Your task: Only the pictures are to be left out; the listing itself is repeated exactly.

START Record excerpts

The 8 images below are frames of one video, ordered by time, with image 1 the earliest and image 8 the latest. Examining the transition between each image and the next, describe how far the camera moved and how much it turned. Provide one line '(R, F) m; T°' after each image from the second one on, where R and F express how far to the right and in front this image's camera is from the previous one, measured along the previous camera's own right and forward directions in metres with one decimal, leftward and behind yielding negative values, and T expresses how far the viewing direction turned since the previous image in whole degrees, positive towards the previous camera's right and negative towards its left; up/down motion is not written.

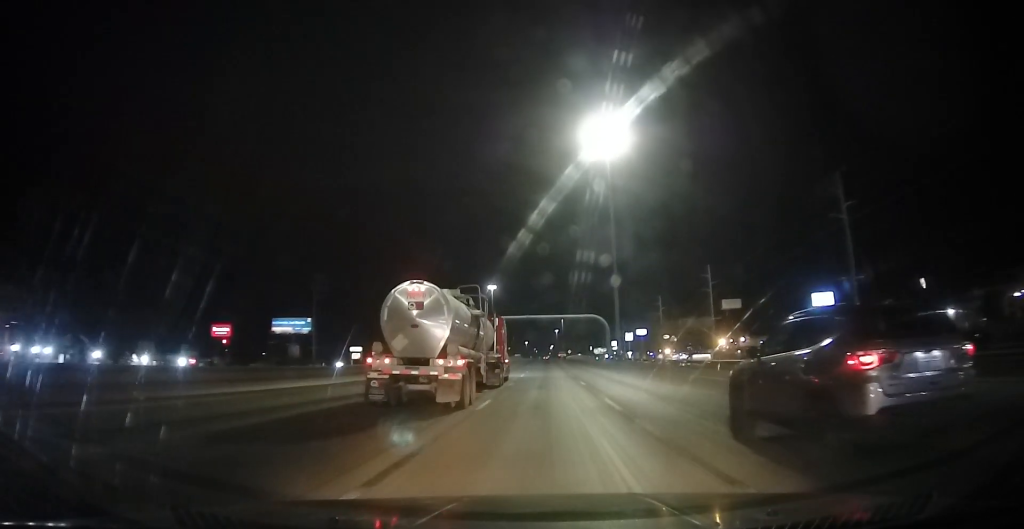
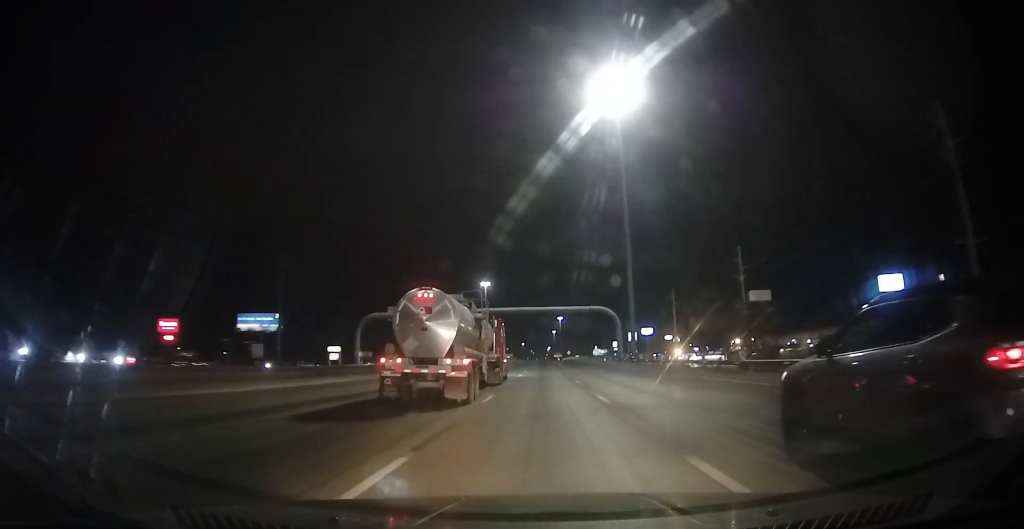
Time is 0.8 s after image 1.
(-0.1, +22.2) m; 0°
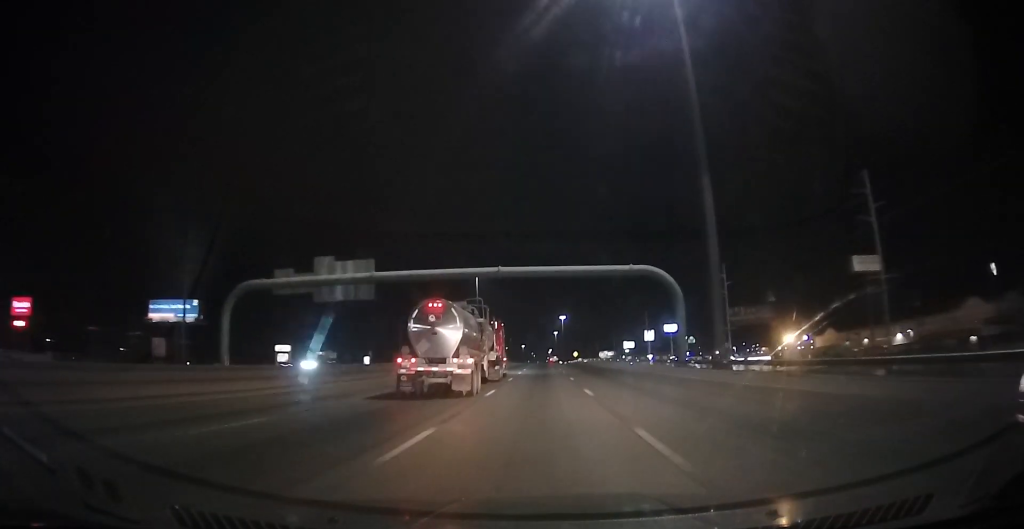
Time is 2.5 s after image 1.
(+1.2, +45.3) m; +1°
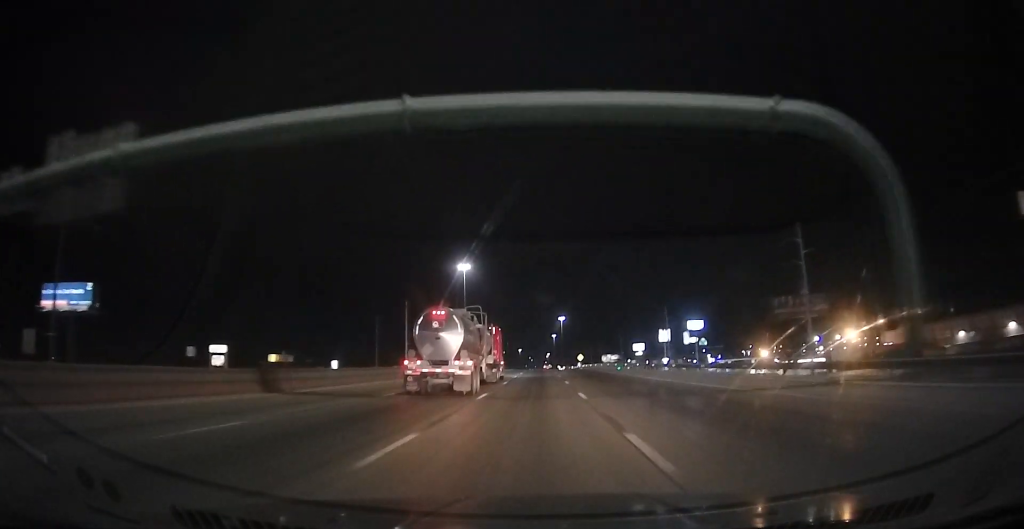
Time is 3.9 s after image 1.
(-0.9, +36.5) m; -1°
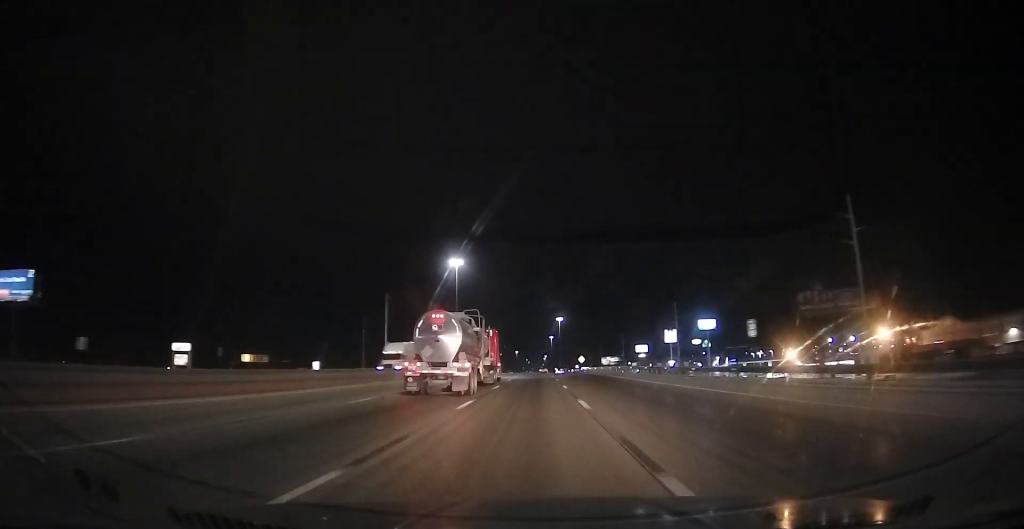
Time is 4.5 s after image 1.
(+0.2, +15.1) m; 0°
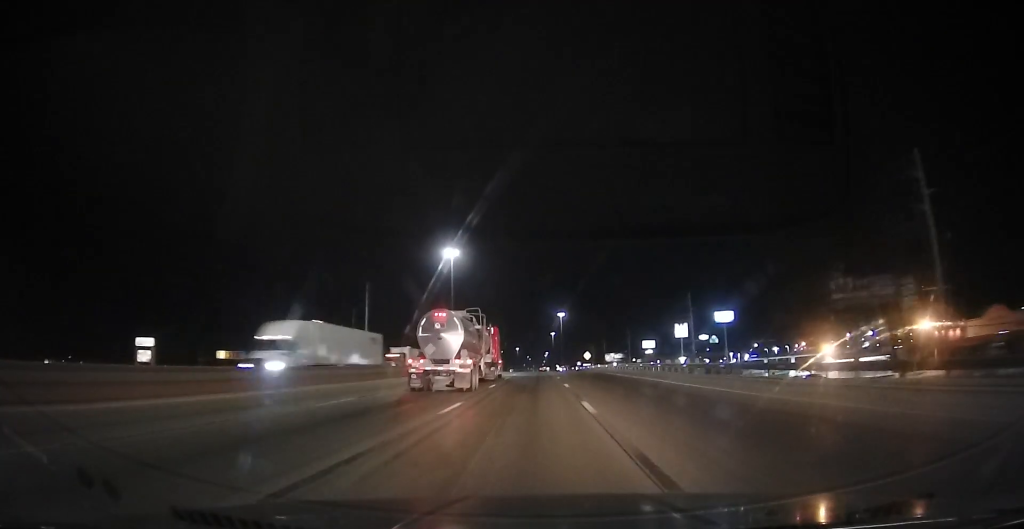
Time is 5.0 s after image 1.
(-0.1, +14.1) m; 0°
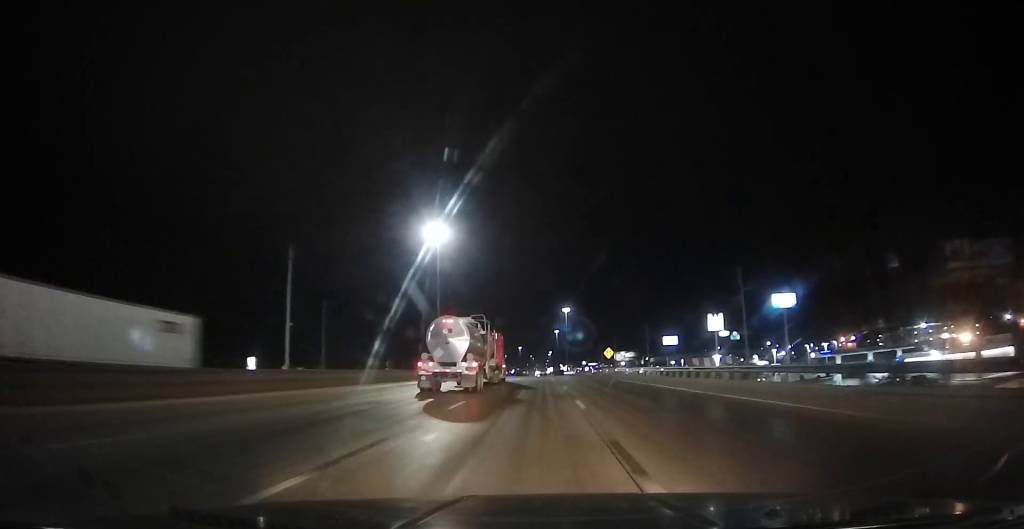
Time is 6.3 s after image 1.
(+0.1, +34.3) m; 0°
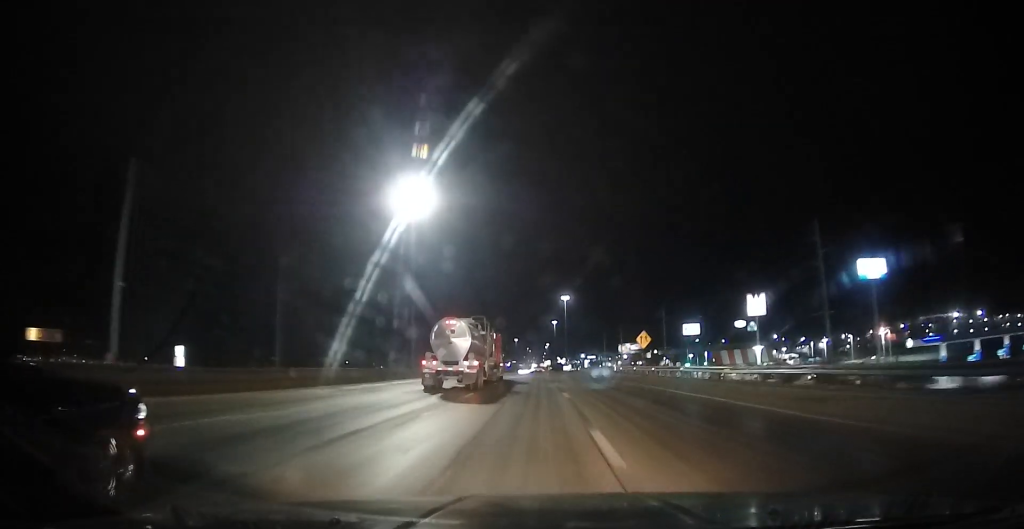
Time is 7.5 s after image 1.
(-0.2, +31.7) m; 0°

END Record excerpts

Answer space:
The 8 images below are frames of one video, ordered by time, with image 1 the earliest and image 8 the latest. Examining the transition between each image and the next, describe how far the camera moved and how much it turned. Provide one line '(R, F) m; T°' after each image from the second one on, where R and F express how far to the right and in front this image's camera is from the previous one, measured along the previous camera's own right and forward directions in metres with one decimal, leftward and behind yielding negative values, and T expresses how far the viewing direction turned since the previous image in whole degrees, positive towards the previous camera's right and negative towards its left; up/down motion is not written.

Time is 0.8 s after image 1.
(-0.1, +22.2) m; 0°
Time is 2.5 s after image 1.
(+1.2, +45.3) m; +1°
Time is 3.9 s after image 1.
(-0.9, +36.5) m; -1°
Time is 4.5 s after image 1.
(+0.2, +15.1) m; 0°
Time is 5.0 s after image 1.
(-0.1, +14.1) m; 0°
Time is 6.3 s after image 1.
(+0.1, +34.3) m; 0°
Time is 7.5 s after image 1.
(-0.2, +31.7) m; 0°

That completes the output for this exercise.